Monday Book: Alan Turing

Alan TurningAlan Turing

by Jim Eldridge

Bloomsbury

The Real Lives series of books are narrative accounts of the lives and times of some of the world’s most iconic people and the latest addition to the collection is about the “father of computer science” Alan Turing.

Born in 1912, the book identifies markers in his youth that would create the kind of person whose inventions would change our world so much. He did badly at school as he was not interested in arts and classical languages and arrived at answers to mathematical problems without showing how he arrived at his (correct) conclusions.

At university, he worked on a thinking machine to work out mathematical problems but war intervened and he made a name for himself as a code-breaker. After the war, he developed the first modern computer but his personal life brought him tragedy.

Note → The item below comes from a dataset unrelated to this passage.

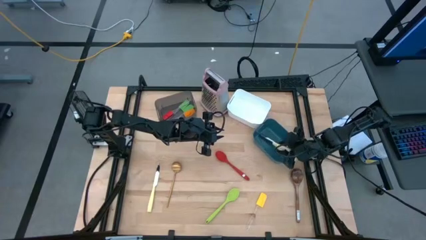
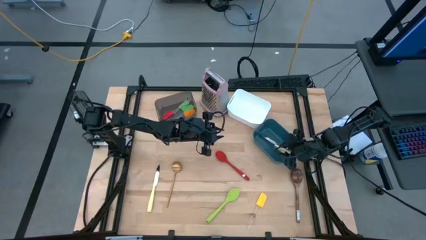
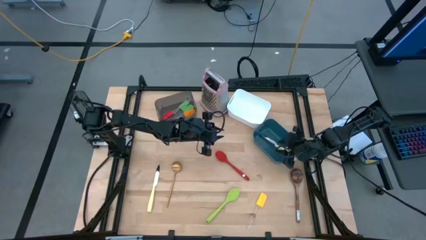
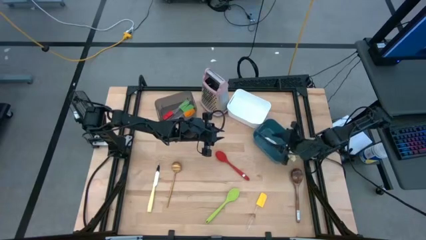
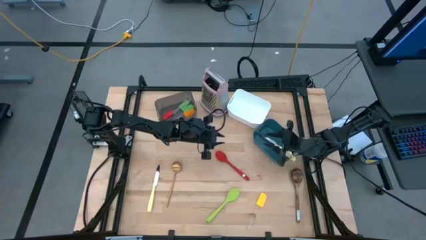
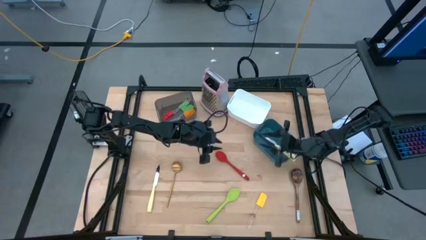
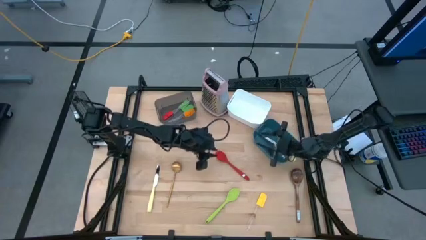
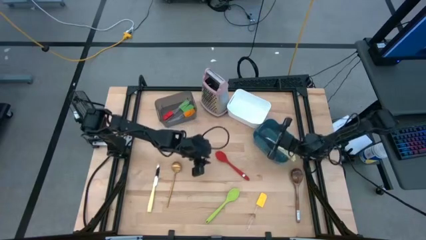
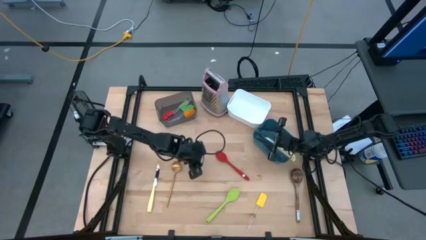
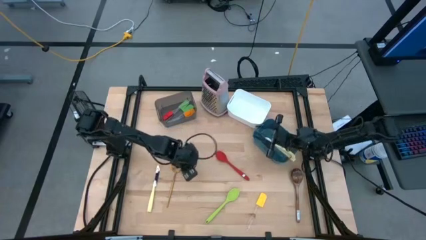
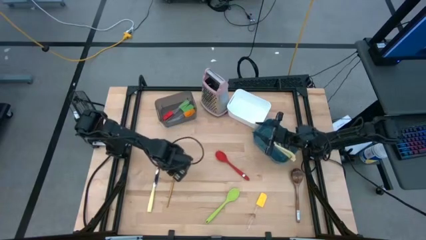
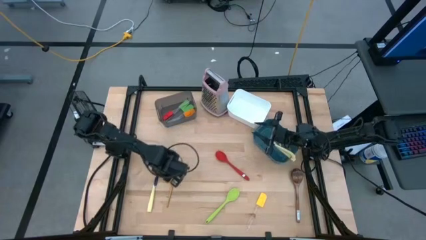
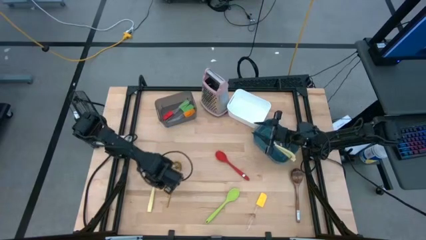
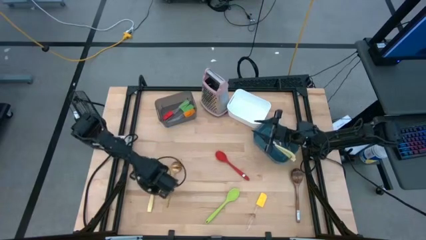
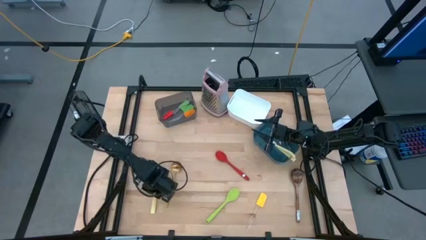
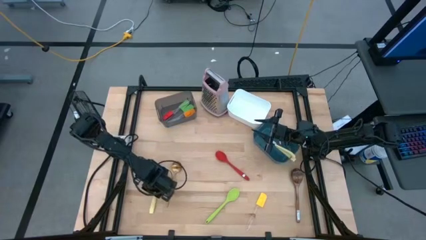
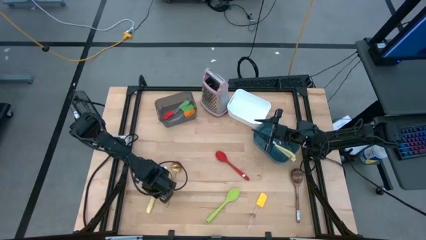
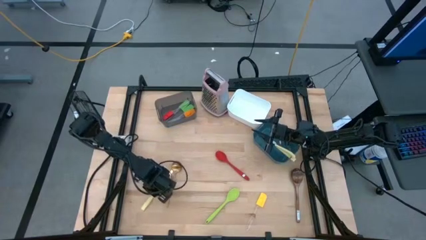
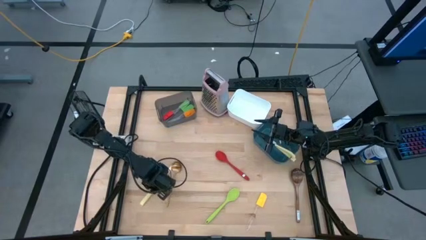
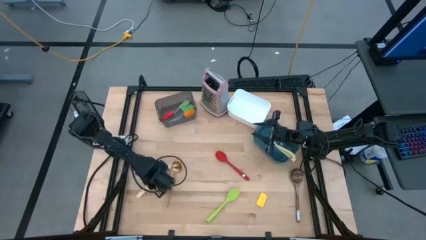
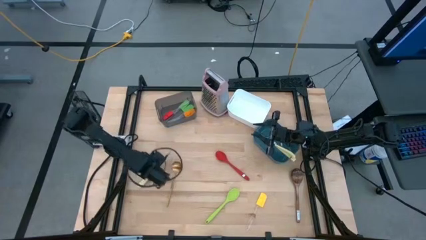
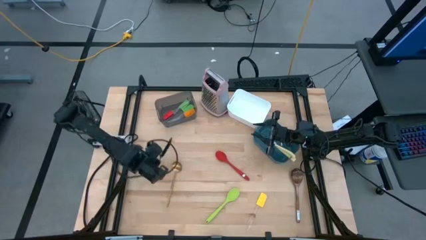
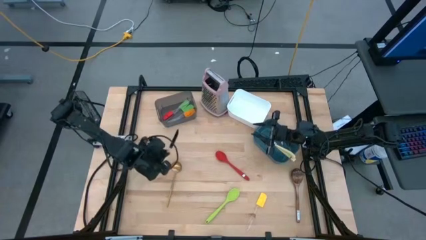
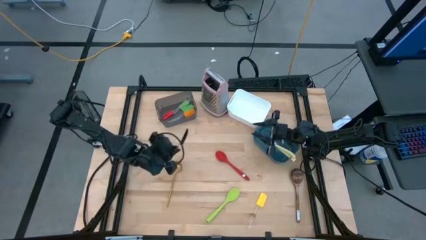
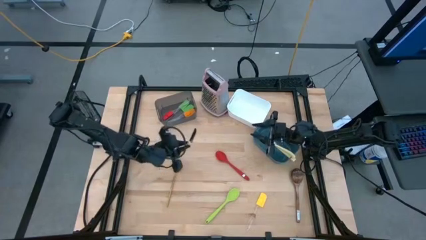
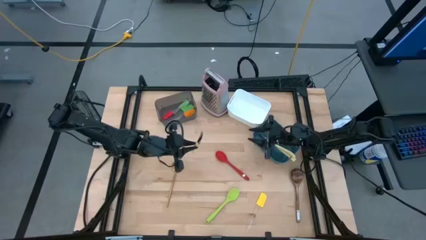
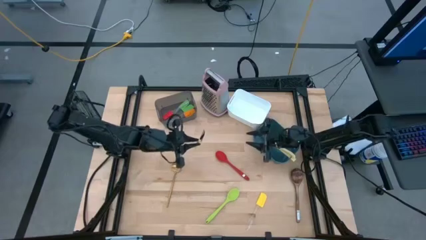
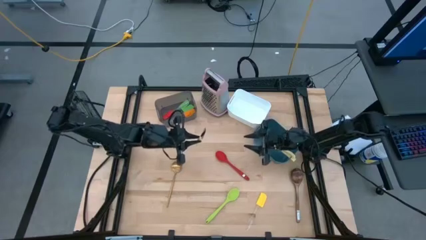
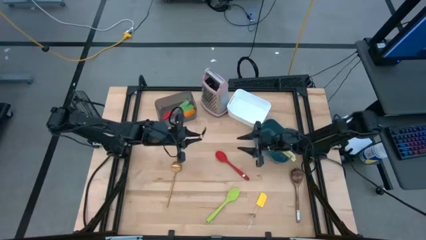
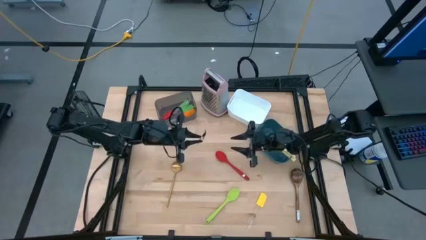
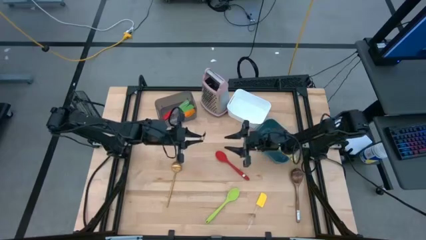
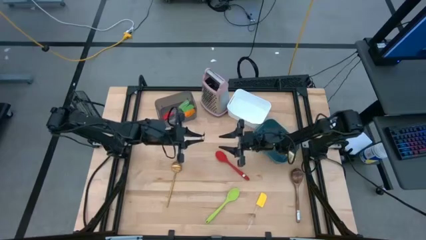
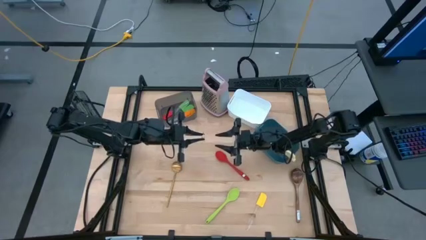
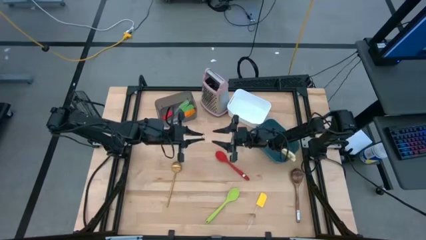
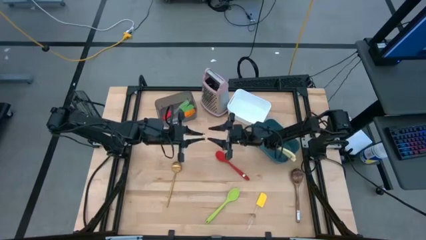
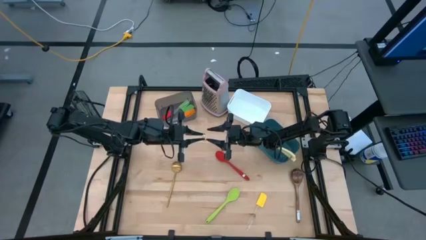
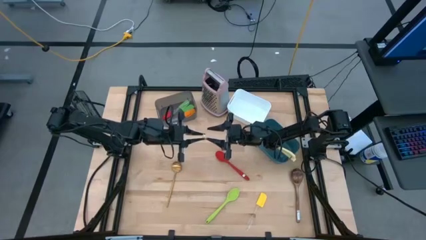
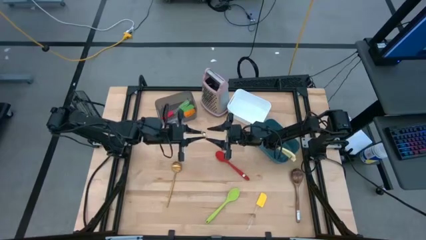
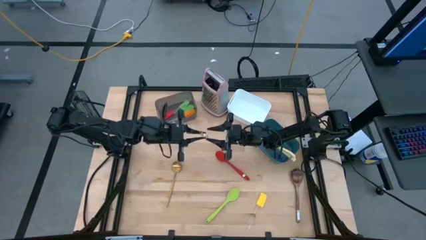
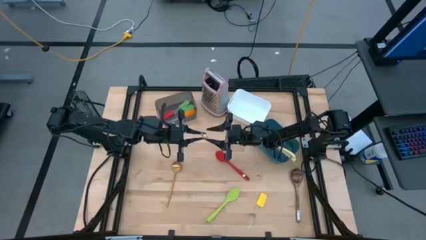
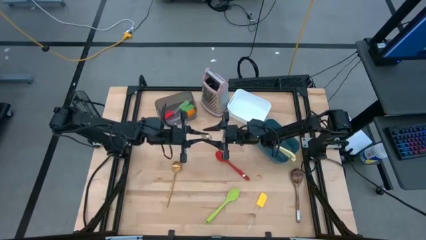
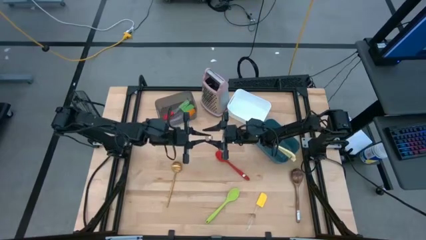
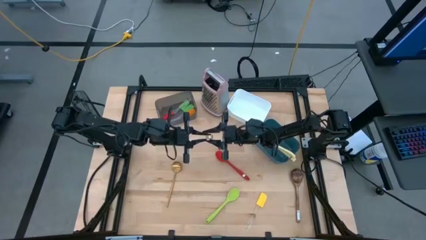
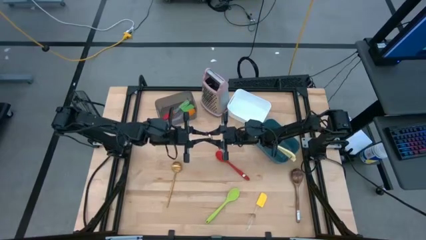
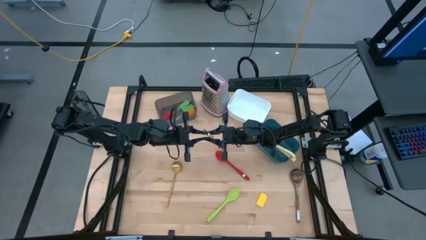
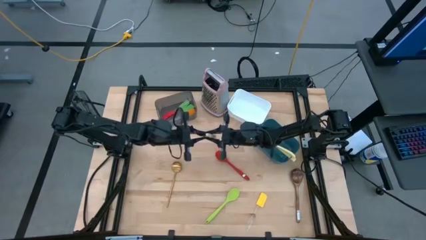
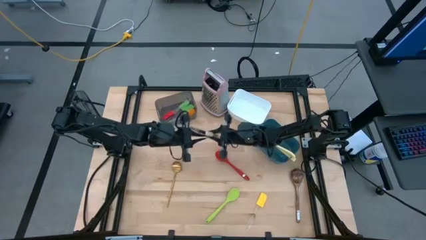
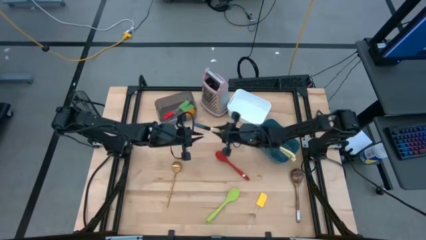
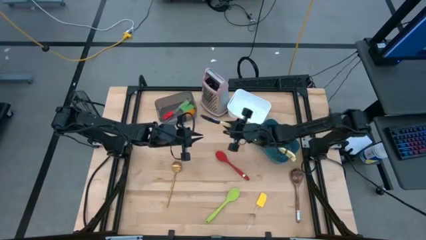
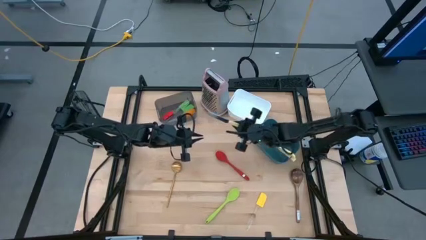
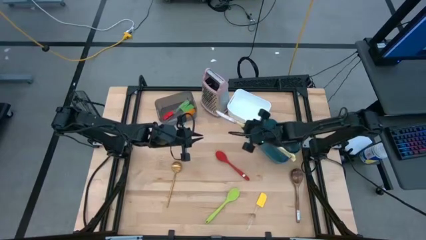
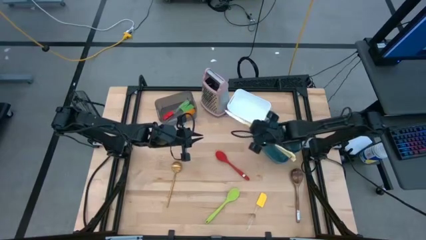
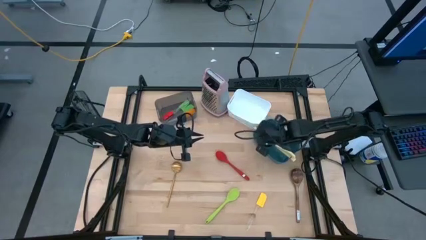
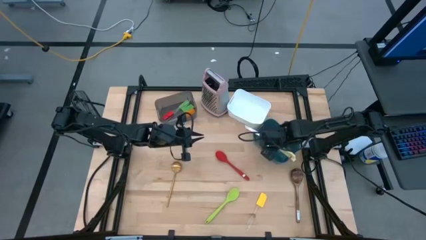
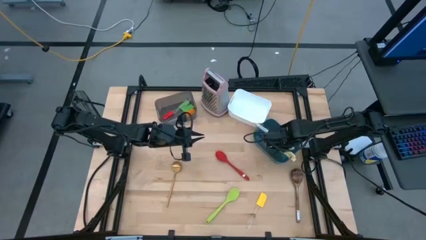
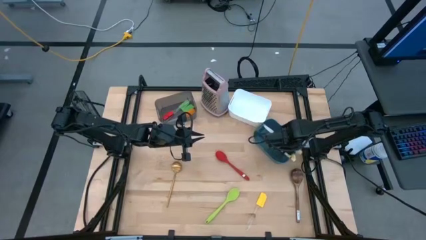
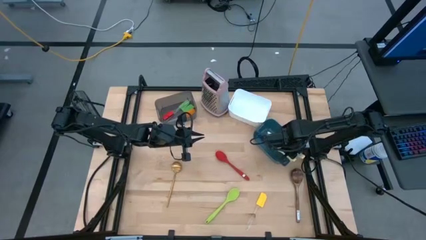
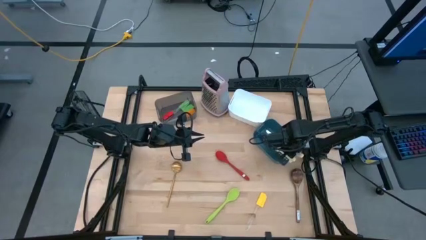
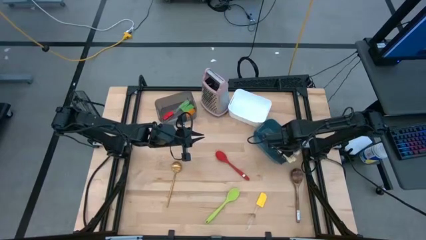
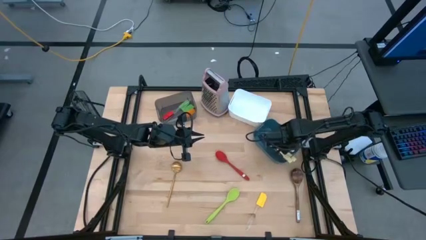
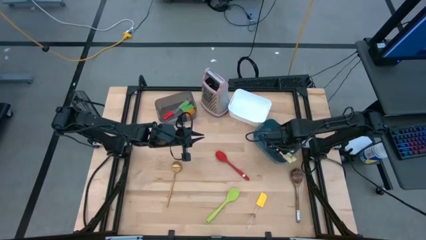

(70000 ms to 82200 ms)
Task: Pick & Place Kitchen Items
Put the yellow table knife into the blue bin

Alan Turing made no secret of being gay, particularly at Cambridge University where a large number of the staff appeared to be gay. After the war, there seemed to be less tolerance and the consequences for men being in gay relationships were imprisonment and/or chemical castration. Gay relationships between women were not illegal but it was not until 1967 that Britain decriminalised gay relationships between men.

His legacies in helping to shorten World War II and laying the groundwork for the modern day computer have been celebrated but it is only many years after his death that it has been acknowledged that he was punished unjustly for loving another man. Unfortunately the punishment probably led to the early demise of one of the twentieth century’s most brilliant mathematicians.